Zhitong Finance App learned that Paramount Universal (para.us) announced its third-quarter financial report before the market opens on Friday, Eastern Time. Quarterly revenue fell short of expectations as box office revenue was not a big success and a decline in cable television offset better-than-expected subscriber growth for streaming services following the return of NFL content. Data show that Paramount Universal's Q3 revenue was US$6.731 billion, lower than the expected US$6.95 billion, and non-GAAP earnings per share were US$0.49, exceeding the market consensus of US$0.24.
Financial reports showed that third-quarter revenue from the television media business, which includes CBS and MTV, fell 6% due to lower advertiser spending, declining subscriber numbers and a lack of paid boxing events. Customers have been canceling cable TV subscriptions in favor of streaming platforms, eroding the lucrative profit engines of traditional media companies even as they continue to work to improve margins in their streaming businesses.

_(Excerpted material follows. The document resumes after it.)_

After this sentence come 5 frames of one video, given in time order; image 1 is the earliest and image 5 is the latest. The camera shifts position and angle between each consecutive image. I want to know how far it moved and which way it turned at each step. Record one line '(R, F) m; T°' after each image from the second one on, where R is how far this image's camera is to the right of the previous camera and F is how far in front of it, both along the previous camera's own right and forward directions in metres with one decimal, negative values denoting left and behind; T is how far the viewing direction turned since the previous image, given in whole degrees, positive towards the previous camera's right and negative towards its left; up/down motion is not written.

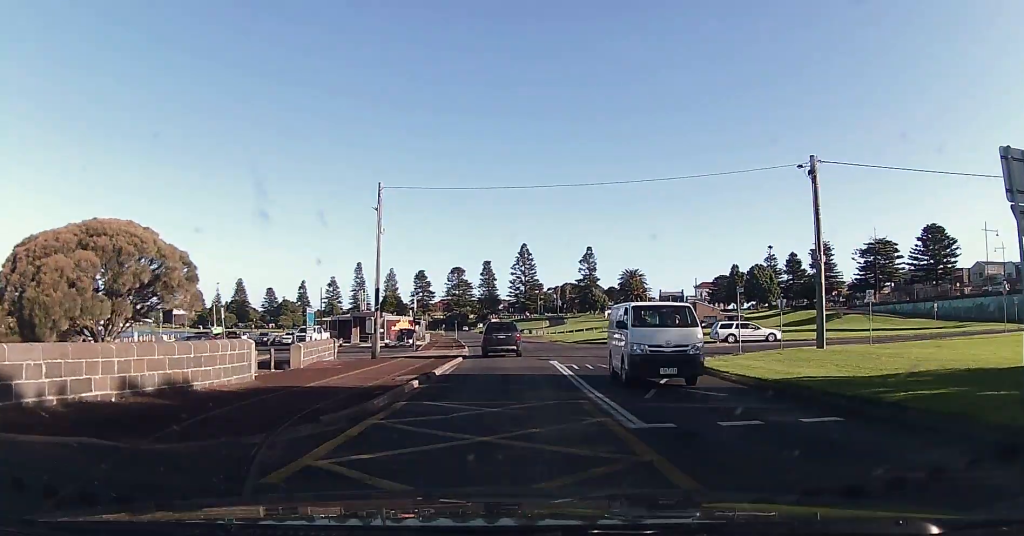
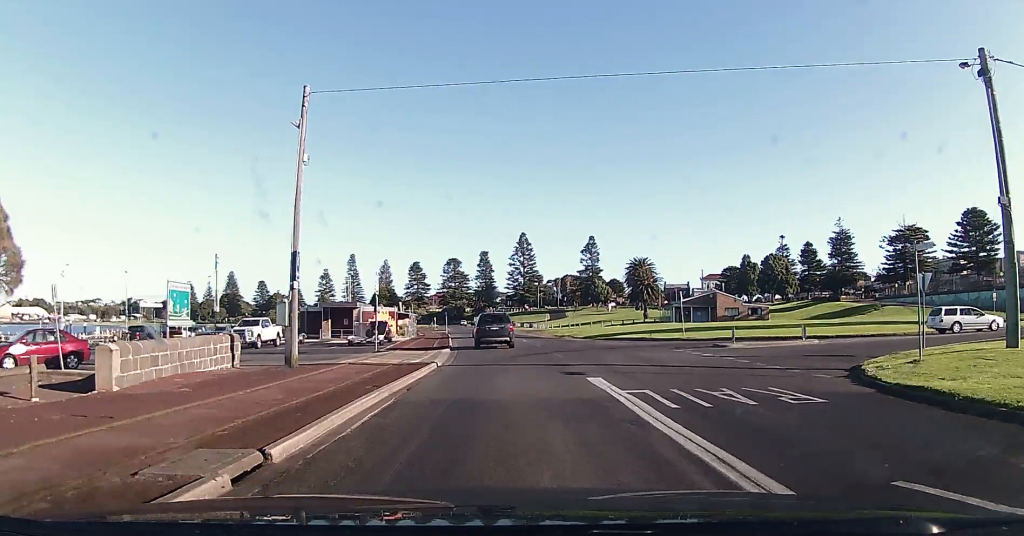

The streaming business reported adjusted operating income of $49 million in the quarter, compared with a loss of $238 million in the same period last year, marking the company's second consecutive quarter of profitability. Analysts had expected the company to lose $160.1 million, according to data compiled by lseg.
Its streaming unit benefited in the quarter from price increases on flagship streaming platform Paramount+, sports content such as the National Football League (NFL) and the second season of crime drama "Tulsa Kings."
The company's paramount+ added 3.5 million users in the quarter, after losing 2.8 million users in the previous quarter, and now has a total of 72 million subscribers. According to visible alpha data, the number of new users was higher than expected at 2.46 million.
In addition, its film entertainment business revenue fell by 34%, affected by the reduction in the number of film releases and the decline in home entertainment business revenue. In the third quarter, the animated film "Transformers 1" was released in major theaters and grossed US$127 million at the global box office.
Paramount and Skydance Media agreed in July this year to merge and form a new entity to enhance the media giant's content creation capabilities and expand its digital platforms including Paramount+ and PlutoTV. Paramount said on Friday that the deal, which is expected to close in the first half of next year, is still subject to regulatory approvals and customary closing conditions. Until then, Paramount will continue to operate as normal.
Meanwhile, Paramount co-chief executives Brian Robbins, George Cheeks and Chris McCarthy are planning to cut 15% of their U.S. workforce , which employs approximately 2,000 people, and aims to save $500 million in annual operating costs. The layoffs will focus on cutting redundant functions and streamlining the company's teams, with areas including marketing and communications, finance, legal and technology.
Zhitong Finance App learned that Paramount Universal (para.us) announced its third-quarter financial report before the market opens on Friday, Eastern Time. Quarterly revenue fell short of expectations as box office revenue was not a big success and a decline in cable television offset better-than-expected subscriber growth for streaming services following the return of NFL content. Data show that Paramount Universal's Q3 revenue was US$6.731 billion, lower than the expected US$6.95 billion, and non-GAAP earnings per share were US$0.49, exceeding the market consensus of US$0.24.
Financial reports showed that third-quarter revenue from the television media business, which includes CBS and MTV, fell 6% due to lower advertiser spending, declining subscriber numbers and a lack of paid boxing events. Customers have been canceling cable TV subscriptions in favor of streaming platforms, eroding the lucrative profit engines of traditional media companies even as they continue to work to improve margins in their streaming businesses.
The streaming business reported adjusted operating income of $49 million in the quarter, compared with a loss of $238 million in the same period last year, marking the company's second consecutive quarter of profitability. Analysts had expected the company to lose $160.1 million, according to data compiled by lseg.
Its streaming unit benefited in the quarter from price increases on flagship streaming platform Paramount+, sports content such as the National Football League (NFL) and the second season of crime drama "Tulsa Kings."
The company's paramount+ added 3.5 million users in the quarter, after losing 2.8 million users in the previous quarter, and now has a total of 72 million subscribers. According to visible alpha data, the number of new users was higher than expected at 2.46 million.
In addition, its film entertainment business revenue fell by 34%, affected by the reduction in the number of film releases and the decline in home entertainment business revenue. In the third quarter, the animated film "Transformers 1" was released in major theaters and grossed US$127 million at the global box office.
Paramount and Skydance Media agreed in July this year to merge and form a new entity to enhance the media giant's content creation capabilities and expand its digital platforms including Paramount+ and PlutoTV. Paramount said on Friday that the deal, which is expected to close in the first half of next year, is still subject to regulatory approvals and customary closing conditions. Until then, Paramount will continue to operate as normal.
Meanwhile, Paramount co-chief executives Brian Robbins, George Cheeks and Chris McCarthy are planning to cut 15% of their U.S. workforce , which employs approximately 2,000 people, and aims to save $500 million in annual operating costs. The layoffs will focus on cutting redundant functions and streamlining the company's teams, with areas including marketing and communications, finance, legal and technology.